Berbeda dengan sistem Islam dalam mengelola kota pintar. Islam menjadikan penduduknya cerdas sekaligus memajukan peradaban, yang merupakan esensi dari smart city. Kota pintar yang sesungguhnya akan terwujud dengan penerapan syariah. Syariah Islam memastikan bahwa pengaturan kota dan semua urusan di dalamnya adalah tanggung jawab penuh penguasa, yaitu imam/khalifah. Rasulullah SAW bersabda:

"Sesungguhnya seorang imam adalah perisai, orang-orang berperang dari belakangnya dan menjadikannya pelindung. Maka jika ia memerintahkan ketakwaan kepada Allah dan berlaku adil, baginya terdapat pahala, dan jika ia memerintahkan yang selainnya maka ia harus bertanggung jawab atasnya." (HR. al-Bukhari, Muslim, an-Nasai, dan Ahmad)

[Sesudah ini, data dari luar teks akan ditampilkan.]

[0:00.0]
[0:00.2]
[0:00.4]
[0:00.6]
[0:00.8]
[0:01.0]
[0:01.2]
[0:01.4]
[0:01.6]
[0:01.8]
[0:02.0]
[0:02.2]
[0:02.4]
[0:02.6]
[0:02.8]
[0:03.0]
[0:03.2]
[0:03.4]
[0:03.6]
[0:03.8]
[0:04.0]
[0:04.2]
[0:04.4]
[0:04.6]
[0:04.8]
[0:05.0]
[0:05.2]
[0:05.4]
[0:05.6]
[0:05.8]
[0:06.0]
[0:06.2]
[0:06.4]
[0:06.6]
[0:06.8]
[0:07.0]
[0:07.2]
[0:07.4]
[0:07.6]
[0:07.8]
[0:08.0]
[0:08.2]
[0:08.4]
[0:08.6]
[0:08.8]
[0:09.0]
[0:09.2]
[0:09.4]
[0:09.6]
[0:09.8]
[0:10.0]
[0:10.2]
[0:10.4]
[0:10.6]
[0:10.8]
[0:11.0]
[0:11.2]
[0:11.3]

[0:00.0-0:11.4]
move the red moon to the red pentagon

Dalam pengaturan kota dan pelayanan publik, khalifah tidak akan melibatkan pihak swasta, karena semua itu adalah milik umum. Khalifah bertanggung jawab atas pendanaan layanan publik, yang diambil dari kas baitul maal tanpa melibatkan hutang ribawi.

Dengan perencanaan kota yang mandiri dan bebas dari intervensi kapitalis, khalifah akan mewujudkan smart city yang dapat dinikmati oleh seluruh rakyat. Pada masa Kekhalifahan Bani Umayyah, Cordoba menjadi ibu kota Andalusia yang dihiasi taman-taman hijau dan diterangi lampu-lampu di malam hari, sehingga pejalan kaki dapat menikmati cahaya sepanjang sepuluh mil tanpa terputus.

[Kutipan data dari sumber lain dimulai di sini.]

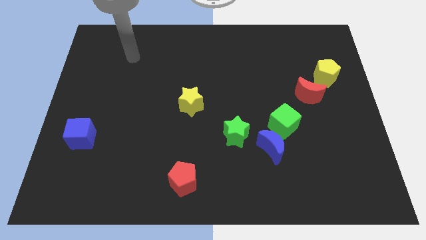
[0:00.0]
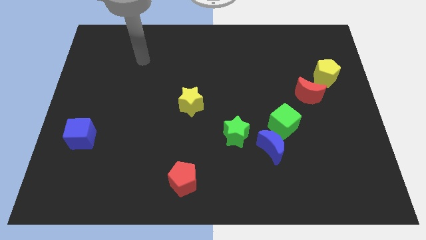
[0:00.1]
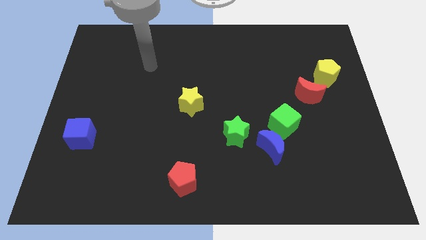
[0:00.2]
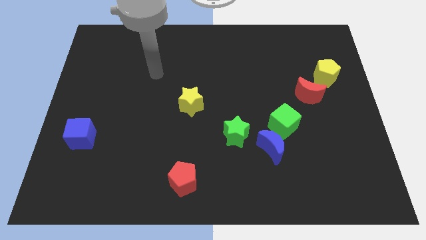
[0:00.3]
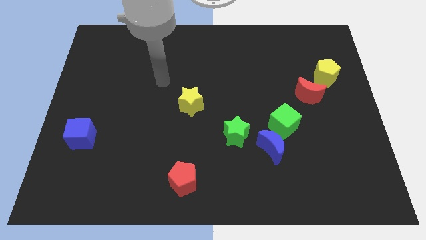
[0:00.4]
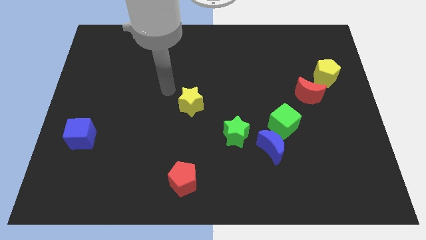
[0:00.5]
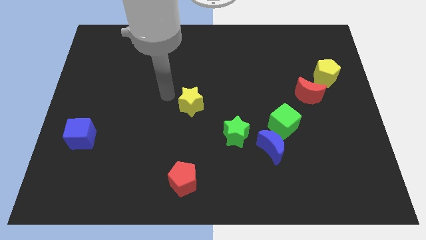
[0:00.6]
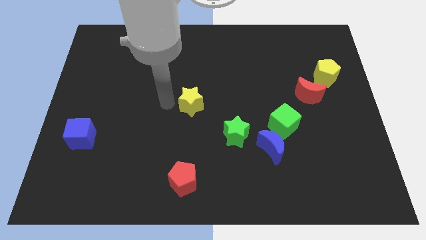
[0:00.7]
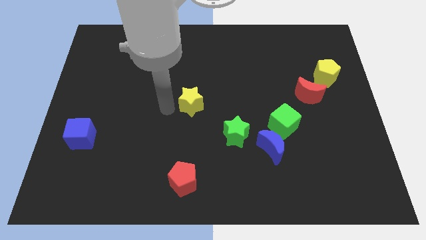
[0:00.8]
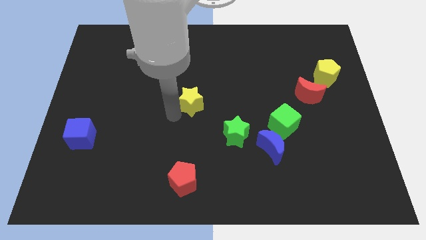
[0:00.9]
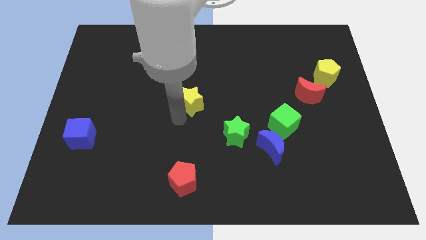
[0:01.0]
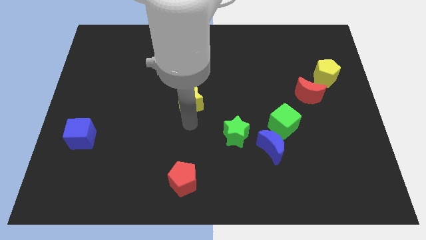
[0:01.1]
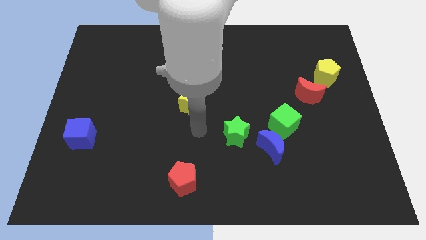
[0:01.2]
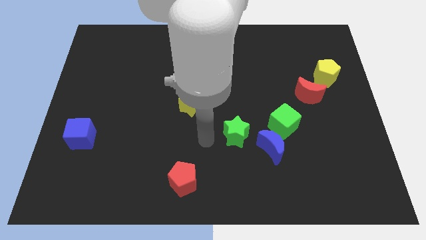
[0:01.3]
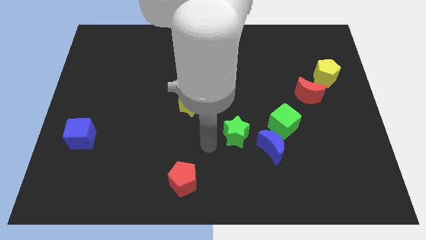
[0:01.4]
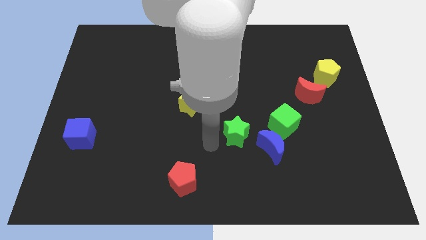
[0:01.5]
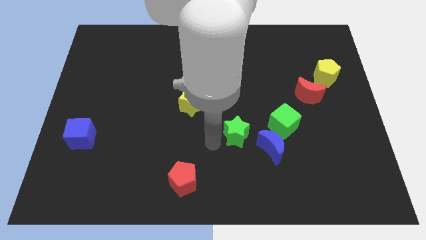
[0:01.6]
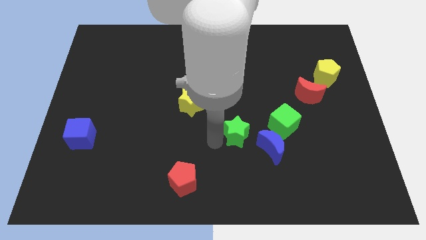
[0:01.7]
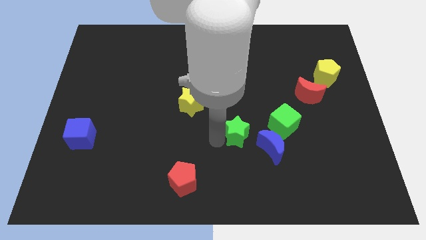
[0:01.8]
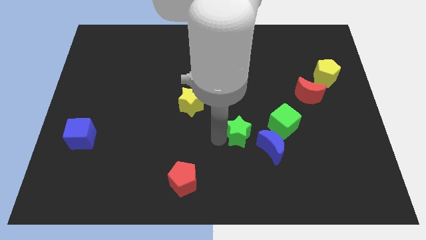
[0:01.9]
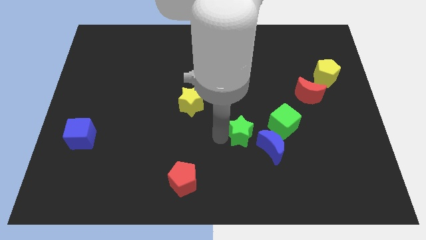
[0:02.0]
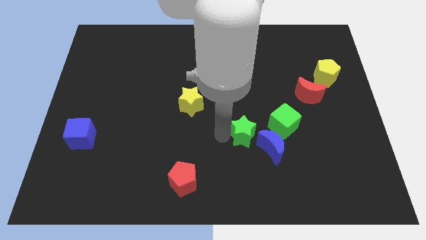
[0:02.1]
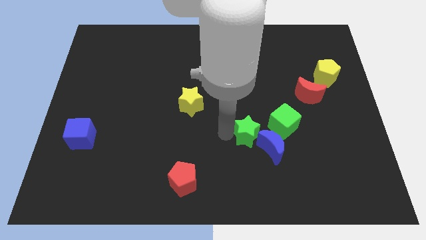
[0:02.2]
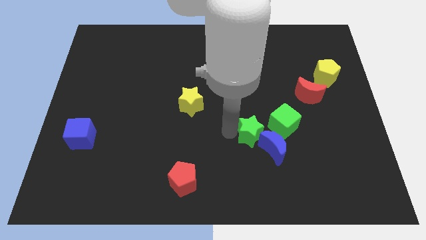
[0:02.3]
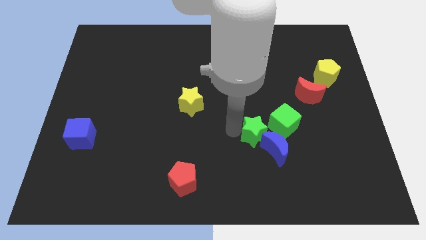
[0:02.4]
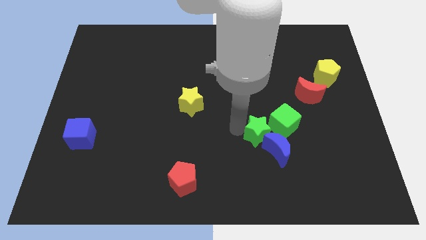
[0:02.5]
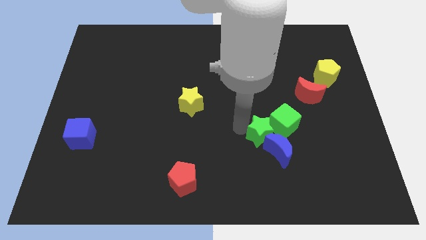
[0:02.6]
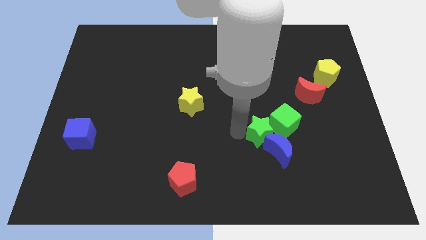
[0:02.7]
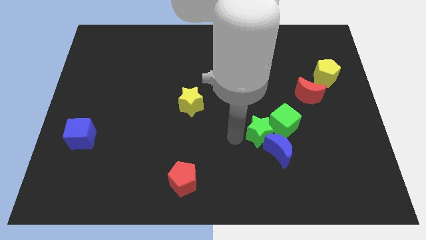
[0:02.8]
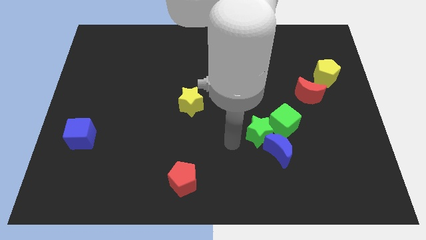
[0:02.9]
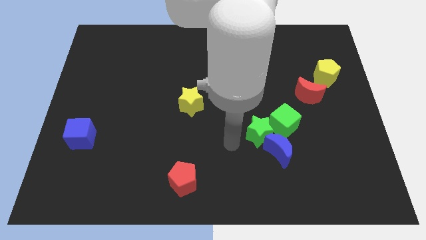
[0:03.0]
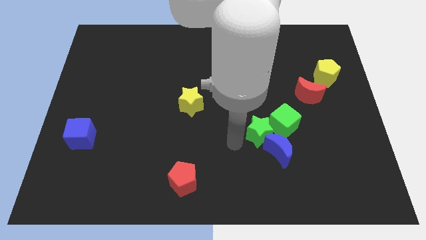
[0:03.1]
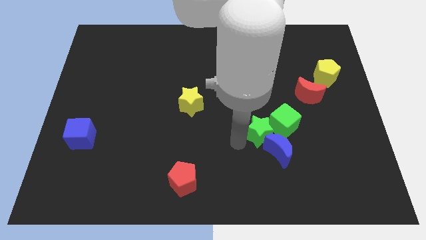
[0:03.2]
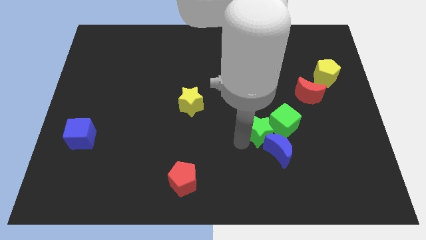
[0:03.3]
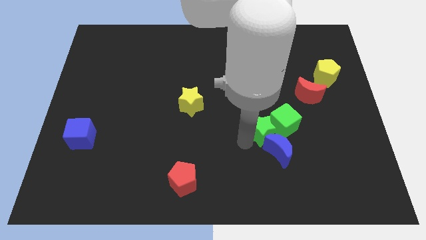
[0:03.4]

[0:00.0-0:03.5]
put the green star to the green cube

Lorong-lorongnya berlapiskan batu ubin, sampah disingkirkan dari jalan-jalan, kamar mandi berjumlah 900, dan rumah penduduk mencapai 283.000. Gedung-gedung berjumlah 80.000, serta terdapat 600 masjid dengan menara setinggi 40 hasta dan kubah yang ditopang oleh 1.093 tiang marmer.

Di Granada, Istana Al-Hambra berdiri sebagai lambang keajaiban yang menghadap ke kota dan hamparan ladang subur. Baghdad, dibangun dengan biaya 4.800.000 dirham dan melibatkan 100.000 pekerja, memiliki tiga lapis tembok, 6.000 bangunan di timur, 4.000 di barat, dan 11 sungai yang mengalir ke seluruh rumah. Di Sungai Dajlah sendiri terdapat 30.000 jembatan, dengan 60.000 tempat mandi dan 300.000 masjid.

Ini adalah bukti bahwa smart city telah terwujud pada masa kejayaan Islam. Semua ini menunjukkan bahwa Khilafah bukanlah negara yang menolak modernitas, melainkan akan menjadi negara millennial akhir zaman yang unggul dalam peradaban. Umat Islam pasti bangga memperjuangkan berdirinya.